TRY IT: Would it be possible to write out each entry below exactly, without the pictures?

RECORDS FOR THE EXERCISE:
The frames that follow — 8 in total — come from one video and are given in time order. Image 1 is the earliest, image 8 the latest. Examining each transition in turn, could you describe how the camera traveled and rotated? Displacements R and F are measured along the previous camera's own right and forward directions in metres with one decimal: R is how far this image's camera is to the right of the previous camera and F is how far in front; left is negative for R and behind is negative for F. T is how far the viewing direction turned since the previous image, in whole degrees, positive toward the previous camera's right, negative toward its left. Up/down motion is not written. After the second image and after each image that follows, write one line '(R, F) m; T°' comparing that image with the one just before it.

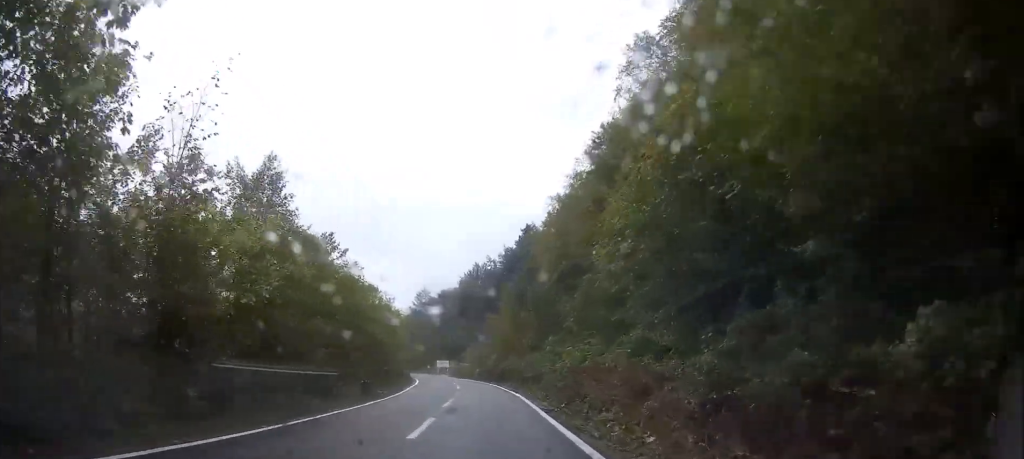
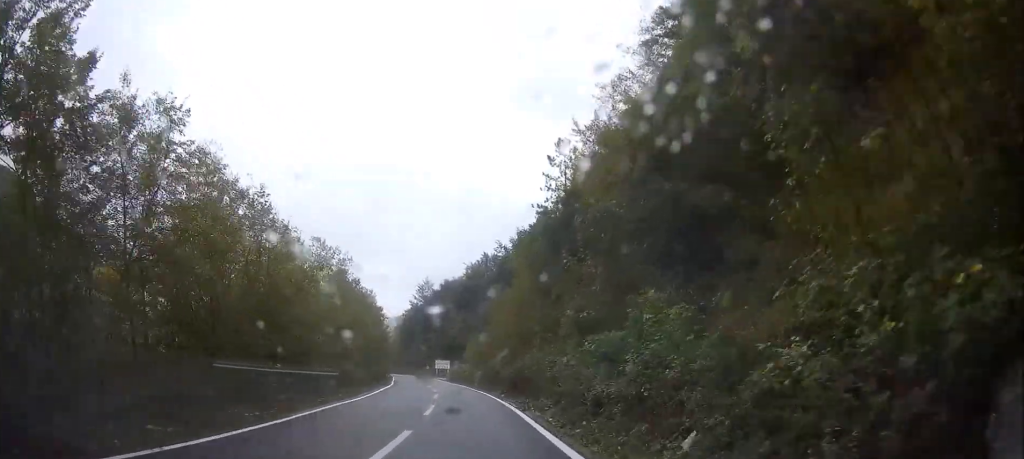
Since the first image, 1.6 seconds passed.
(0.0, +23.1) m; -1°
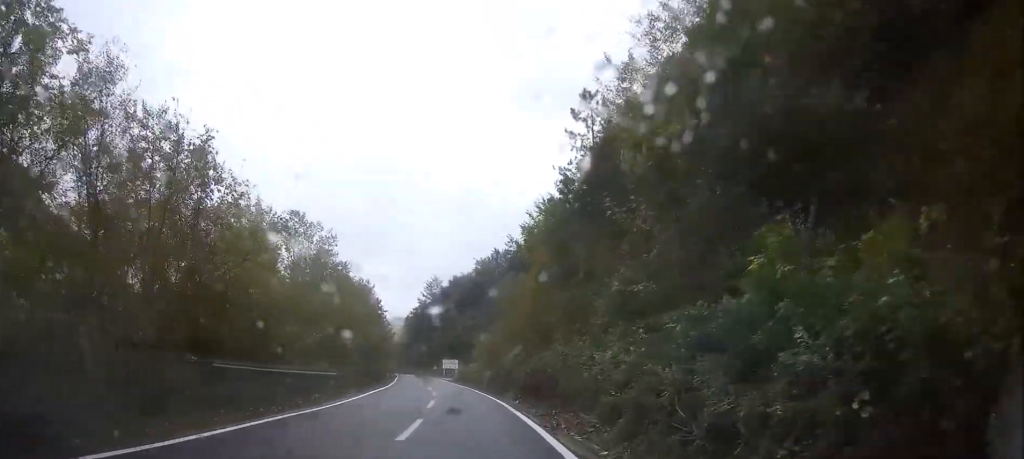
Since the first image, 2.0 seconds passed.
(+0.1, +6.9) m; -1°
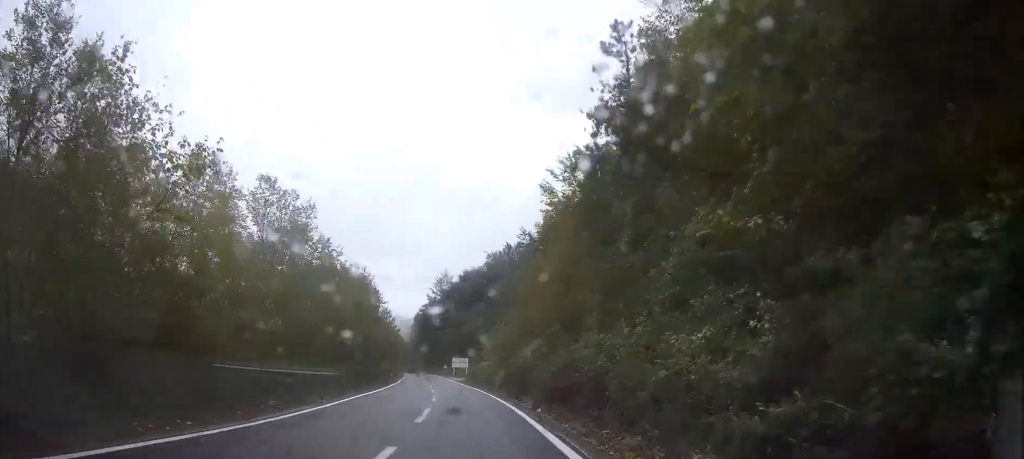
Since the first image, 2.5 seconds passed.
(-0.2, +6.5) m; -1°
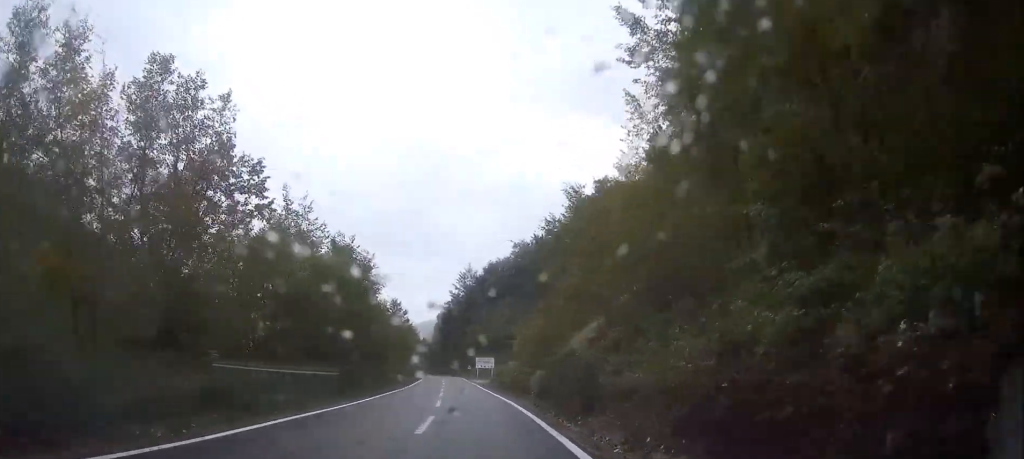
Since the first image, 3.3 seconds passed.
(-0.3, +12.6) m; -3°
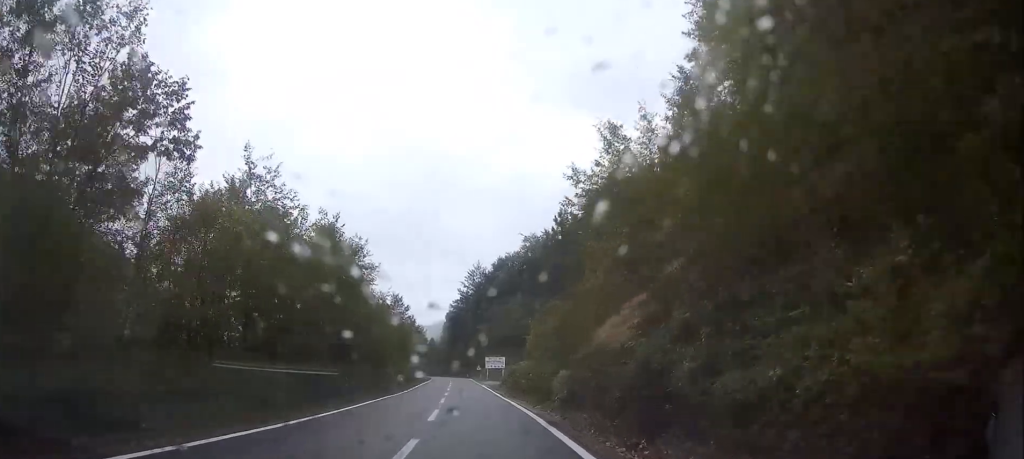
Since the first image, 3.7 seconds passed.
(-0.1, +6.1) m; -1°
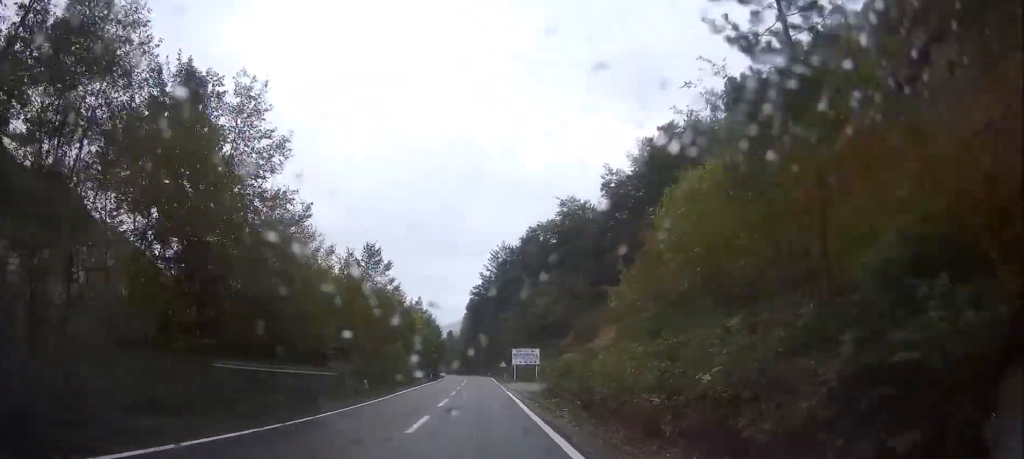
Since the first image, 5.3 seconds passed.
(-0.9, +24.6) m; -3°
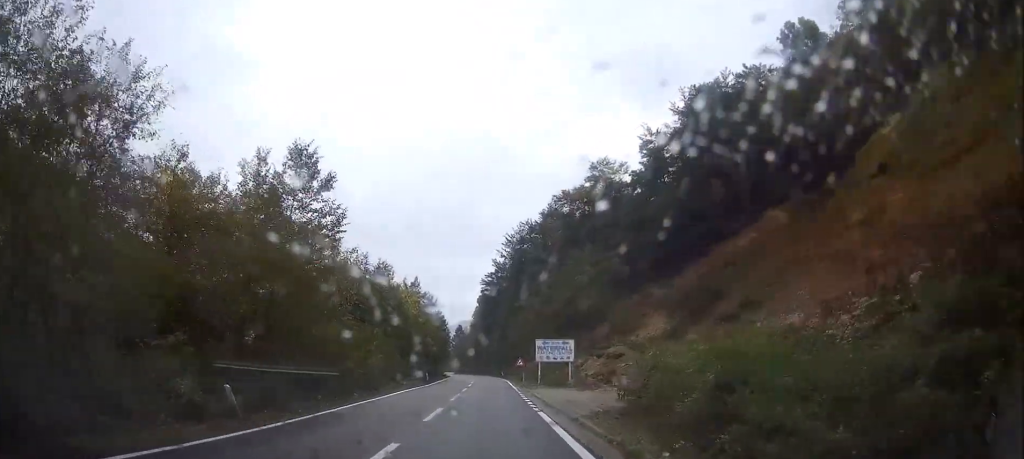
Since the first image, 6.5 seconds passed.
(0.0, +18.2) m; 0°
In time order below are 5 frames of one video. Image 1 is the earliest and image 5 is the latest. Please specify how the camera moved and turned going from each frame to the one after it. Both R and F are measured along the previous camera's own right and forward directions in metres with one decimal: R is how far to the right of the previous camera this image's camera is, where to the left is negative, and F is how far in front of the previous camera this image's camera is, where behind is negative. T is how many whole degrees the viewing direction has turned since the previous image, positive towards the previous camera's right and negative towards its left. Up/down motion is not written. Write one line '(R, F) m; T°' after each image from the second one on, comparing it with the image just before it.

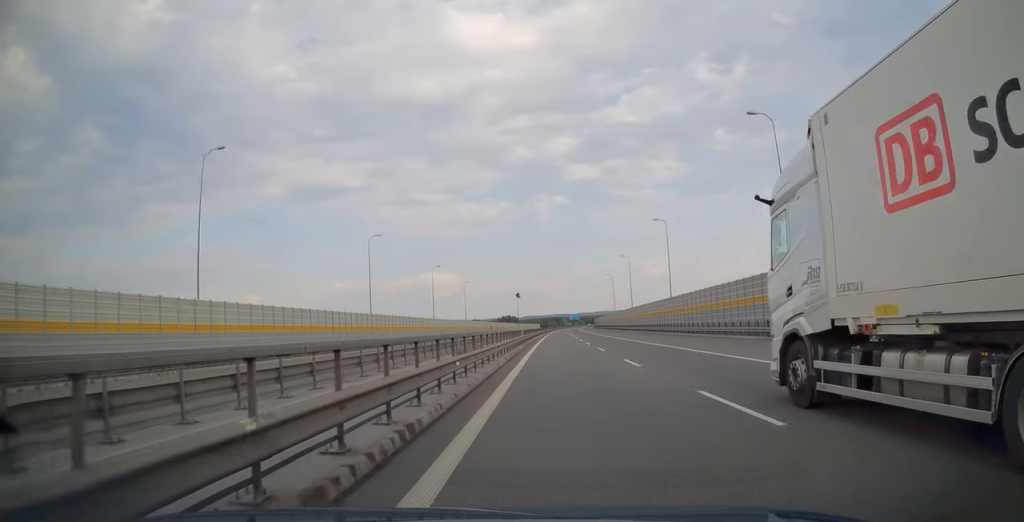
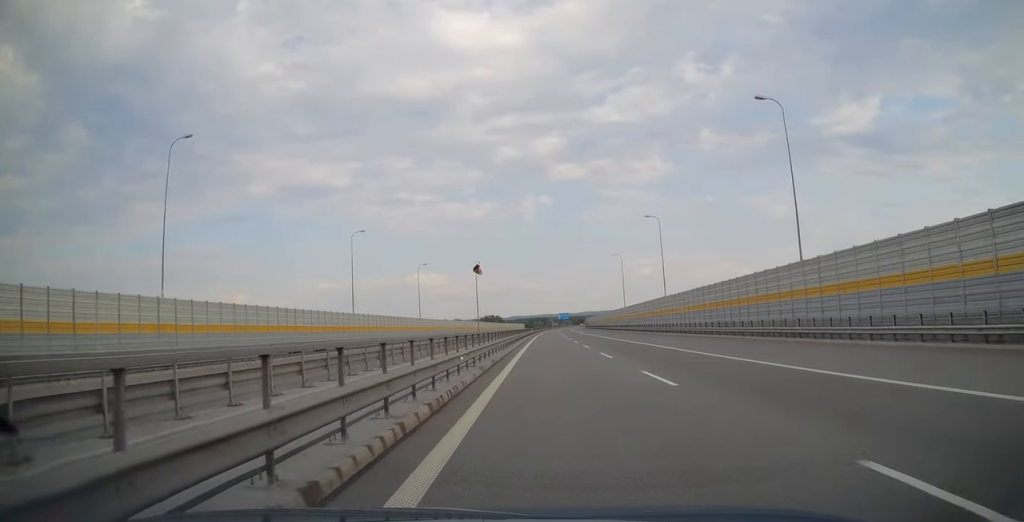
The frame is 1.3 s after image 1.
(-0.1, +42.5) m; 0°
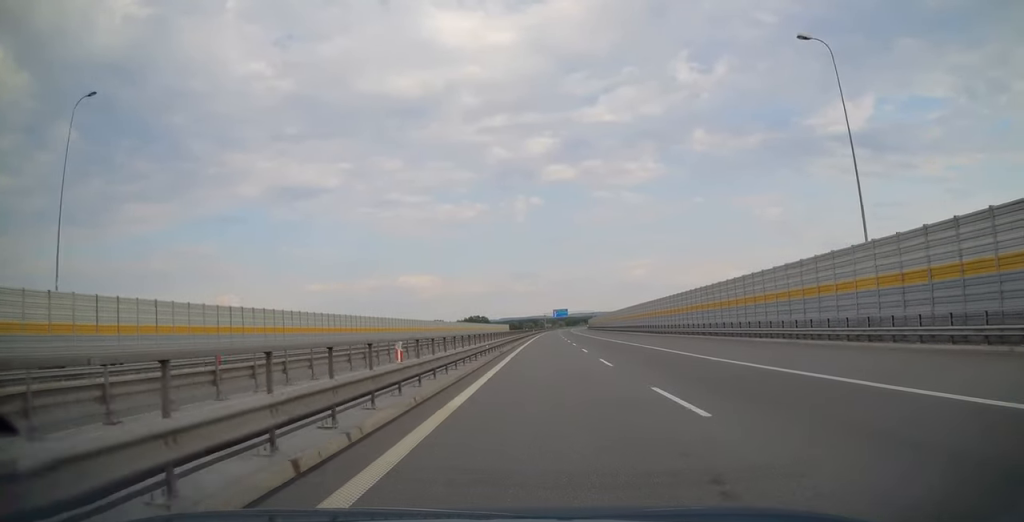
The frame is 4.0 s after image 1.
(+1.5, +88.1) m; +1°
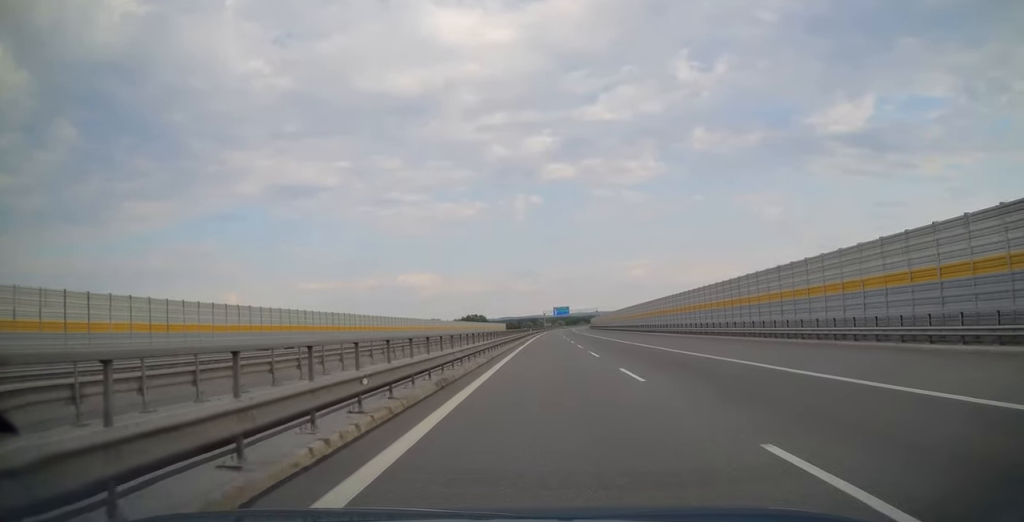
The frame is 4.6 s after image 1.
(+0.1, +18.5) m; 0°
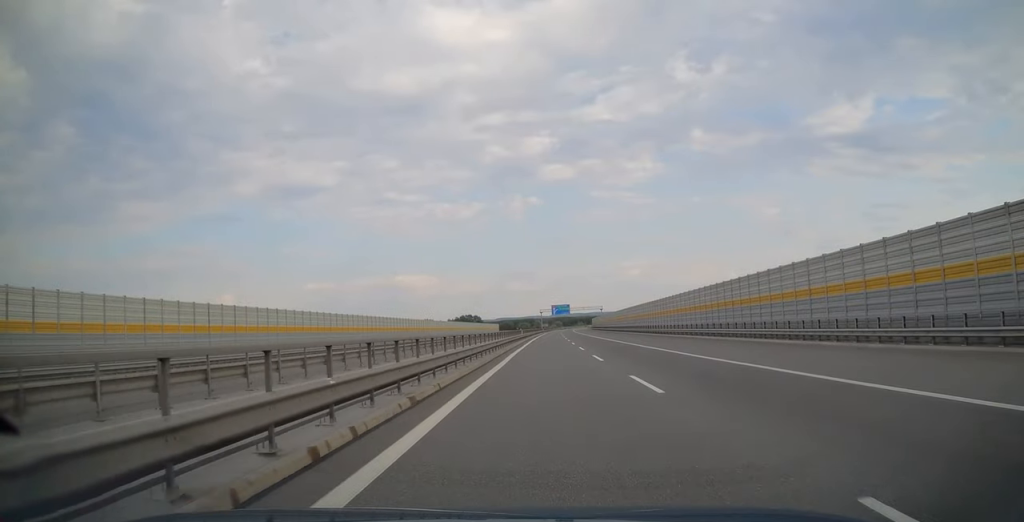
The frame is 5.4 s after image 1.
(+0.1, +26.1) m; +1°

COMPLETED TASK:
The frames that follow — 8 in total — come from one video and are given in time order. Image 1 is the earliest, image 8 the latest. Examining each transition in turn, could you describe how the camera traveled and rotated? Displacements R and F are measured along the previous camera's own right and forward directions in metres with one decimal: R is how far this image's camera is to the right of the previous camera and F is how far in front; left is negative for R and behind is negative for F. T is how far the viewing direction turned since the previous image, in whole degrees, positive toward the previous camera's right, negative toward its left. Up/down motion is not written. After the second image and after each image that follows, write one line '(R, F) m; T°' comparing that image with the one just before it.

Since the first image, 1.6 seconds passed.
(0.0, +23.1) m; -1°
Since the first image, 2.0 seconds passed.
(+0.1, +6.9) m; -1°
Since the first image, 2.5 seconds passed.
(-0.2, +6.5) m; -1°
Since the first image, 3.3 seconds passed.
(-0.3, +12.6) m; -3°
Since the first image, 3.7 seconds passed.
(-0.1, +6.1) m; -1°
Since the first image, 5.3 seconds passed.
(-0.9, +24.6) m; -3°
Since the first image, 6.5 seconds passed.
(0.0, +18.2) m; 0°
In time order below are 5 frames of one video. Image 1 is the earliest and image 5 is the latest. Please specify how the camera moved and turned going from each frame to the one after it. Both R and F are measured along the previous camera's own right and forward directions in metres with one decimal: R is how far to the right of the previous camera this image's camera is, where to the left is negative, and F is how far in front of the previous camera this image's camera is, where behind is negative. T is how many whole degrees the viewing direction has turned since the previous image, positive towards the previous camera's right and negative towards its left. Up/down motion is not written. Write one line '(R, F) m; T°' after each image from the second one on, comparing it with the image just before it.

The frame is 1.3 s after image 1.
(-0.1, +42.5) m; 0°
The frame is 4.0 s after image 1.
(+1.5, +88.1) m; +1°
The frame is 4.6 s after image 1.
(+0.1, +18.5) m; 0°
The frame is 5.4 s after image 1.
(+0.1, +26.1) m; +1°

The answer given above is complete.